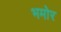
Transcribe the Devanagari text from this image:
भमोर
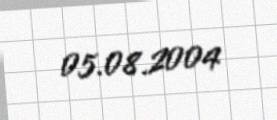
05.08.2004
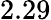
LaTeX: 2.29
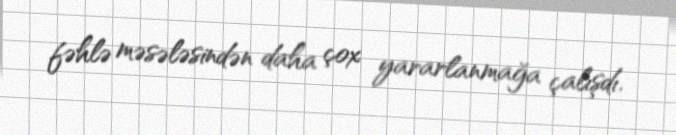
fəhlə məsələsindən daha çox yararlanmağa çalışdı.
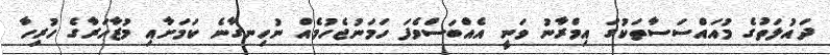
ދައުލަތުގެ މުއައްސަސާތަކުގަ އިމްރާނު ވަނީ އެއްބަސްވެފަ ހަމަނުޖެހުމެއް ނުހިނގާނެ ކަމަށާއި މުޒާހަރާގެ ހުރިހާ
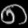
Digit: ၈
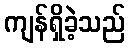
ကျန်ရှိခဲ့သည်
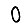
Digit: 0
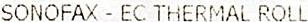
SONOFAX - EC THERMAL ROLL
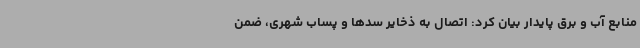
منابع آب و برق پایدار بیان کرد: اتصال به ذخایر سدها و پساب شهری، ضمن
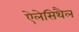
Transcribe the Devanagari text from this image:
ऐलेसिथैल
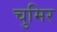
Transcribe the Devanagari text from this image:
चुमिर
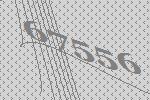
67556
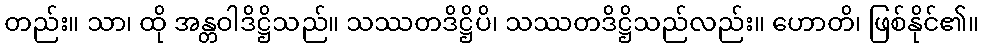
တည်း။ သာ၊ ထို အန္တဝါဒိဋ္ဌိသည်။ သဿတဒိဋ္ဌိပိ၊ သဿတဒိဋ္ဌိသည်လည်း။ ဟောတိ၊ ဖြစ်နိုင်၏။
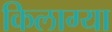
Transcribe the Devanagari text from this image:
किलाग्या
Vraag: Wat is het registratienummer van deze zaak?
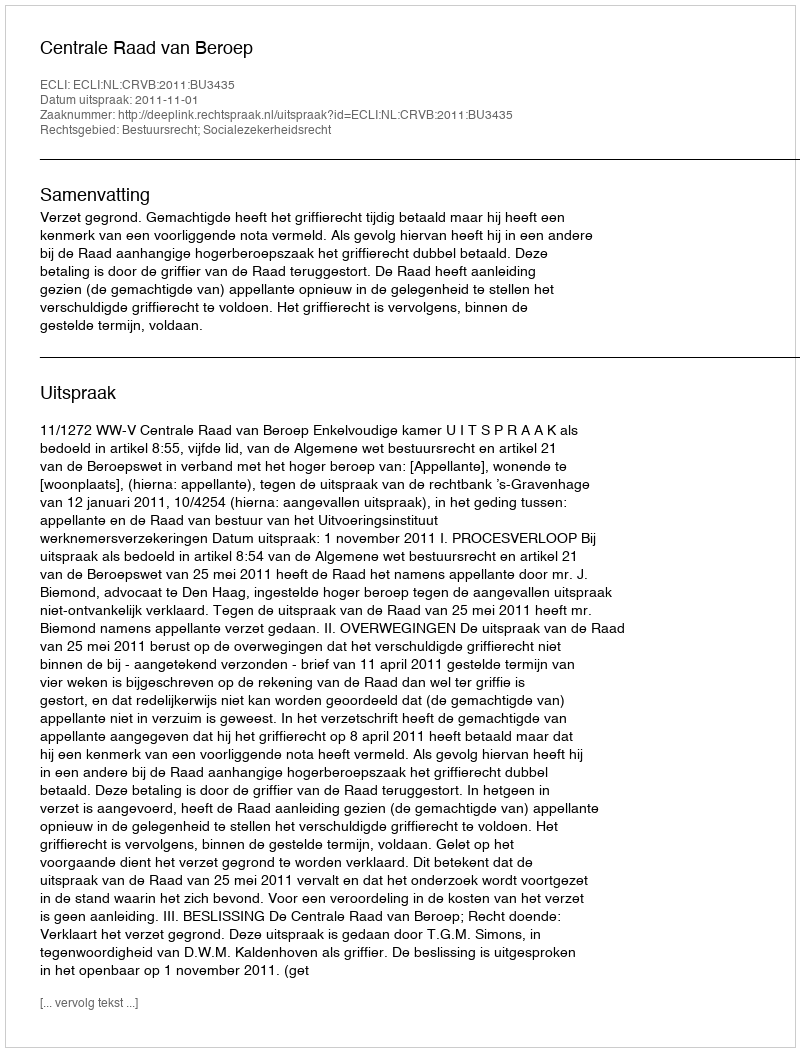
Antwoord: http://deeplink.rechtspraak.nl/uitspraak?id=ECLI:NL:CRVB:2011:BU3435
+ + + + + + +
* _Action item_
Restate every line above exactly, omitting images.

* _Output of the task_
Transcribe the Devanagari text from this image:
भमोर
05.08.2004
LaTeX: 2.29
fəhlə məsələsindən daha çox yararlanmağa çalışdı.
ދައުލަތުގެ މުއައްސަސާތަކުގަ އިމްރާނު ވަނީ އެއްބަސްވެފަ ހަމަނުޖެހުމެއް ނުހިނގާނެ ކަމަށާއި މުޒާހަރާގެ ހުރިހާ
Digit: ၈
ကျန်ရှိခဲ့သည်
Digit: 0
SONOFAX - EC THERMAL ROLL
منابع آب و برق پایدار بیان کرد: اتصال به ذخایر سدها و پساب شهری، ضمن
Transcribe the Devanagari text from this image:
ऐलेसिथैल
Transcribe the Devanagari text from this image:
चुमिर
67556
တည်း။ သာ၊ ထို အန္တဝါဒိဋ္ဌိသည်။ သဿတဒိဋ္ဌိပိ၊ သဿတဒိဋ္ဌိသည်လည်း။ ဟောတိ၊ ဖြစ်နိုင်၏။
Transcribe the Devanagari text from this image:
किलाग्या
Vraag: Wat is het registratienummer van deze zaak?
Antwoord: http://deeplink.rechtspraak.nl/uitspraak?id=ECLI:NL:CRVB:2011:BU3435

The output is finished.